Could you please output all of the data exactly, without the images?

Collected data
%%
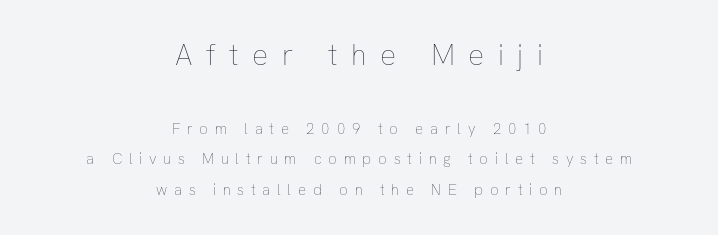
Q: Is the text bold? A: No.
Q: Is the text italic (slanted)? A: No, it is upright.
Q: Is the text underlined? A: No.
Q: How is the paragraph aligned? A: Centered.
Q: Is the spacing between letters normal or unusually wide? A: Unusually wide.
Q: Is the spacing between lines tight, normal or loose? A: Loose.
Q: Which block of text is set in a larger size, the first (top) or the second (bottom)? A: The first (top) one.
Q: Width (condensed, normal, or wide)? A: Normal.
Q: Stroke contrast? A: Low.
Q: x-height? A: Medium.
Q: Monospaced? A: No.
%%
(Your response):
Q: Is the text bold? A: No.
Q: Is the text italic (slanted)? A: No, it is upright.
Q: Is the text underlined? A: No.
Q: How is the paragraph aligned? A: Centered.
Q: Is the spacing between letters normal or unusually wide? A: Unusually wide.
Q: Is the spacing between lines tight, normal or loose? A: Loose.
Q: Which block of text is set in a larger size, the first (top) or the second (bottom)? A: The first (top) one.
Q: Width (condensed, normal, or wide)? A: Normal.
Q: Stroke contrast? A: Low.
Q: x-height? A: Medium.
Q: Monospaced? A: No.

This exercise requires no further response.